## Directions for this task
Repeat each entry as written and leave the images out of the copy.

Start of The records

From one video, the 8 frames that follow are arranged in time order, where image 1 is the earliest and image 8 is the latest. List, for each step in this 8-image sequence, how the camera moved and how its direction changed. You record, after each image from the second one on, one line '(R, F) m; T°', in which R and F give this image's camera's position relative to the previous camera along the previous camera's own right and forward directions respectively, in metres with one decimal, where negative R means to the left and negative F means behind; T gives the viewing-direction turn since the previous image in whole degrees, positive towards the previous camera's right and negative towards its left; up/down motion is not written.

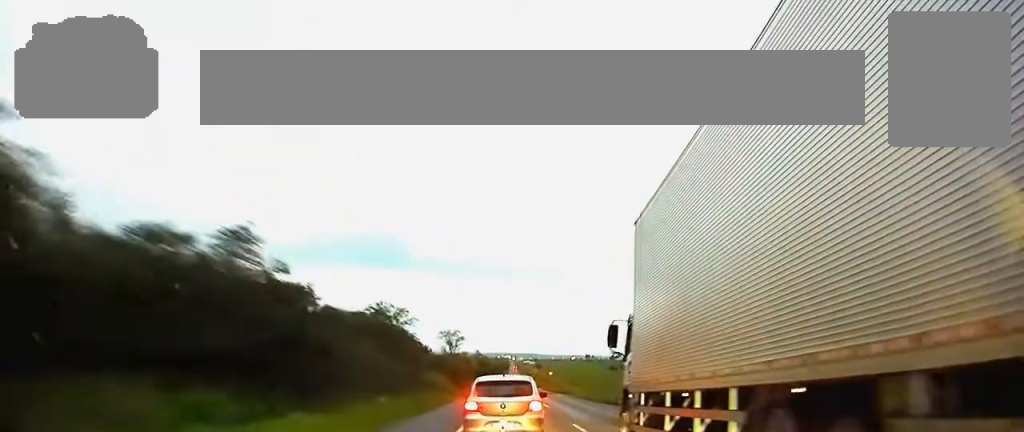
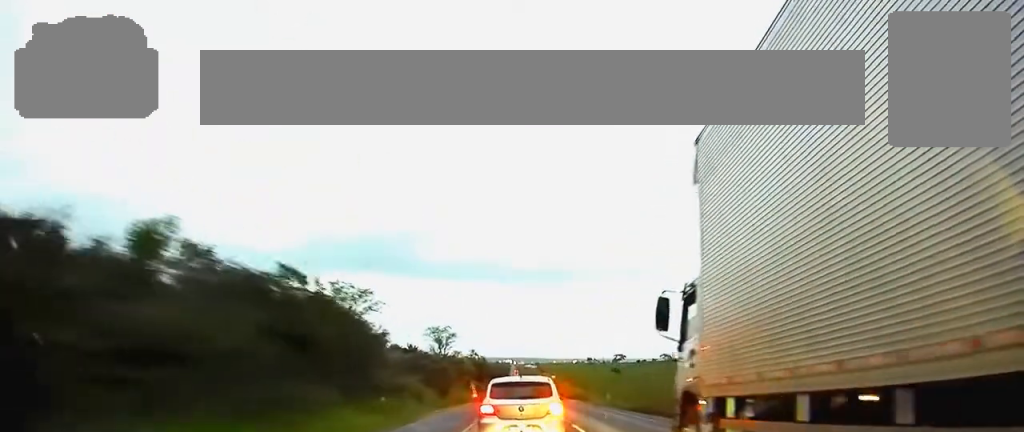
(0.0, +18.2) m; 0°
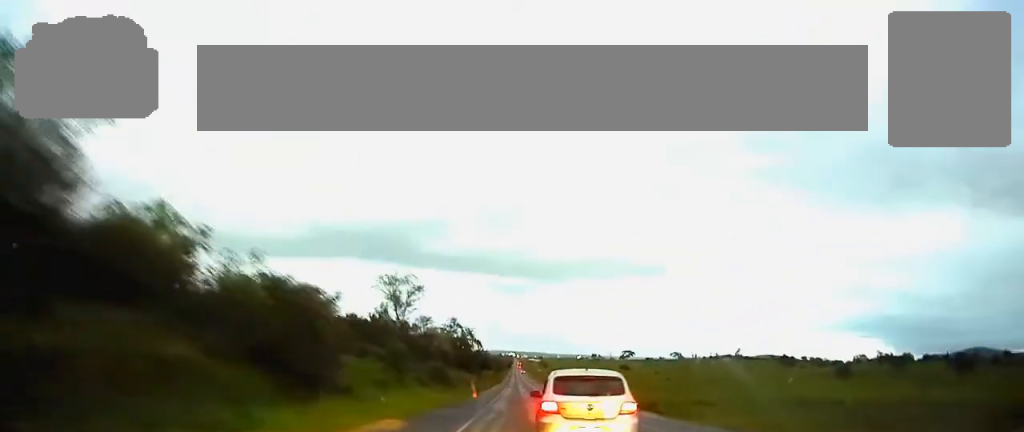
(0.0, +39.9) m; 0°
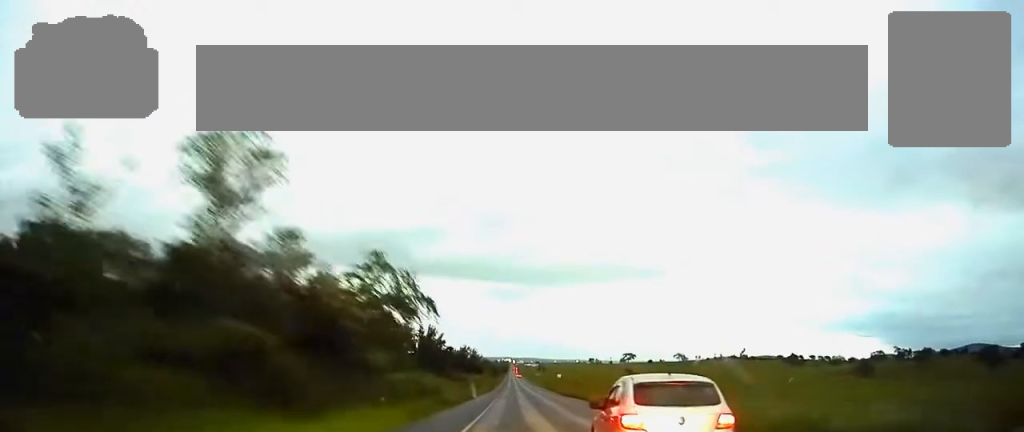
(0.0, +36.6) m; 0°
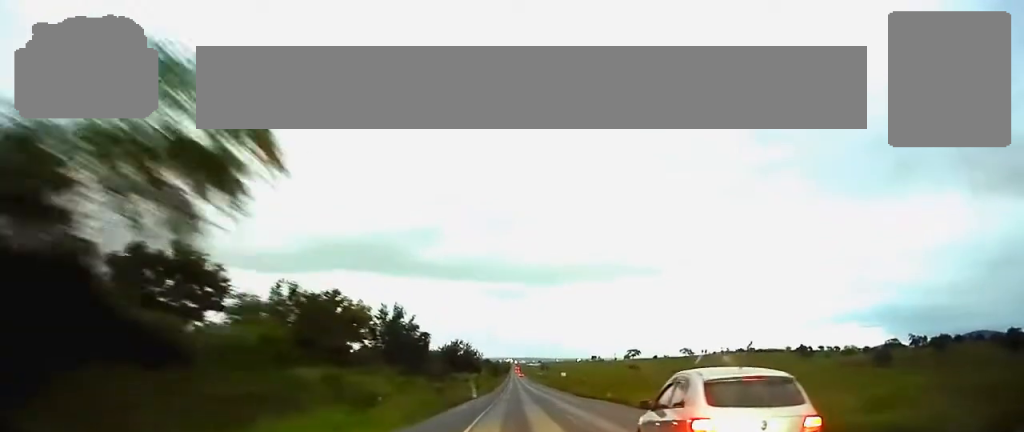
(0.0, +21.3) m; 0°
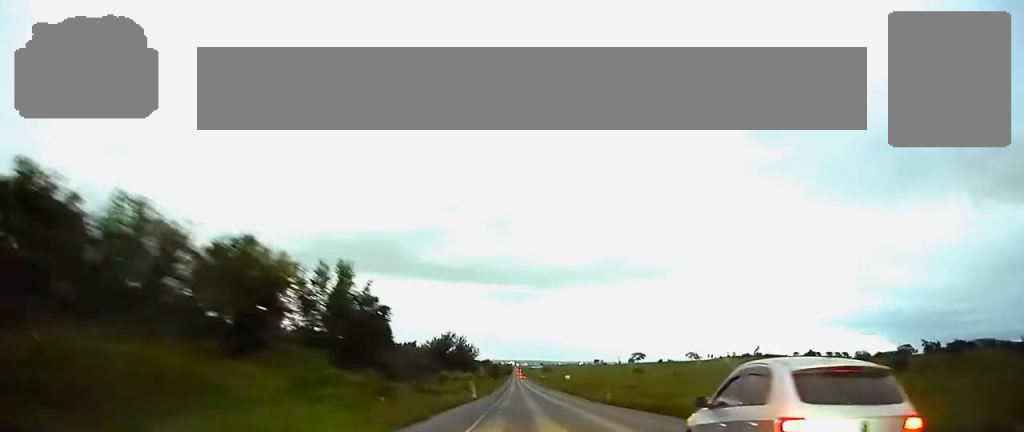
(0.0, +17.2) m; 0°
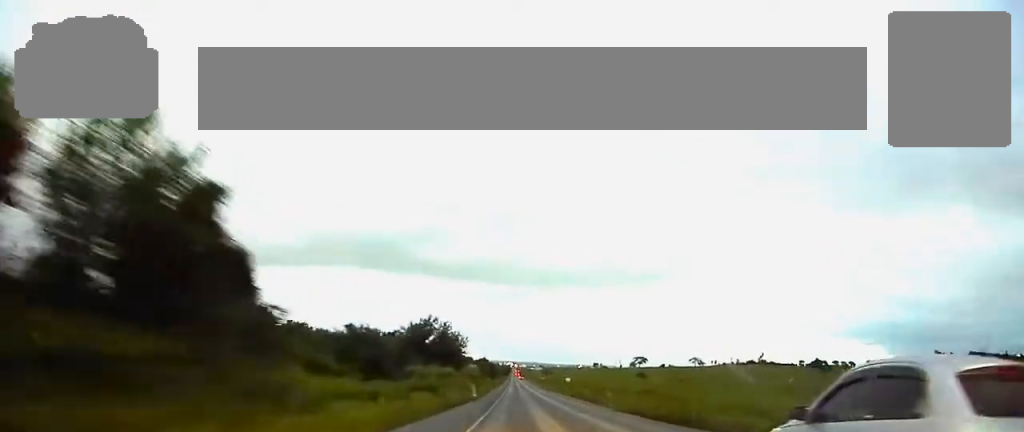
(0.0, +20.6) m; 0°
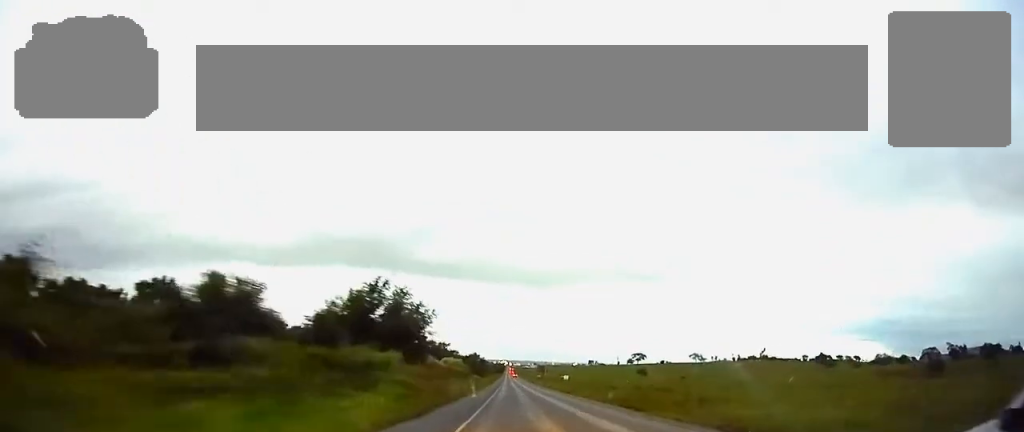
(0.0, +24.1) m; 0°

End of The records

## Answer
From one video, the 8 frames that follow are arranged in time order, where image 1 is the earliest and image 8 is the latest. List, for each step in this 8-image sequence, how the camera moved and how its direction changed. You record, after each image from the second one on, one line '(R, F) m; T°', in which R and F give this image's camera's position relative to the previous camera along the previous camera's own right and forward directions respectively, in metres with one decimal, where negative R means to the left and negative F means behind; T gives the viewing-direction turn since the previous image in whole degrees, positive towards the previous camera's right and negative towards its left; up/down motion is not written.

(0.0, +18.2) m; 0°
(0.0, +39.9) m; 0°
(0.0, +36.6) m; 0°
(0.0, +21.3) m; 0°
(0.0, +17.2) m; 0°
(0.0, +20.6) m; 0°
(0.0, +24.1) m; 0°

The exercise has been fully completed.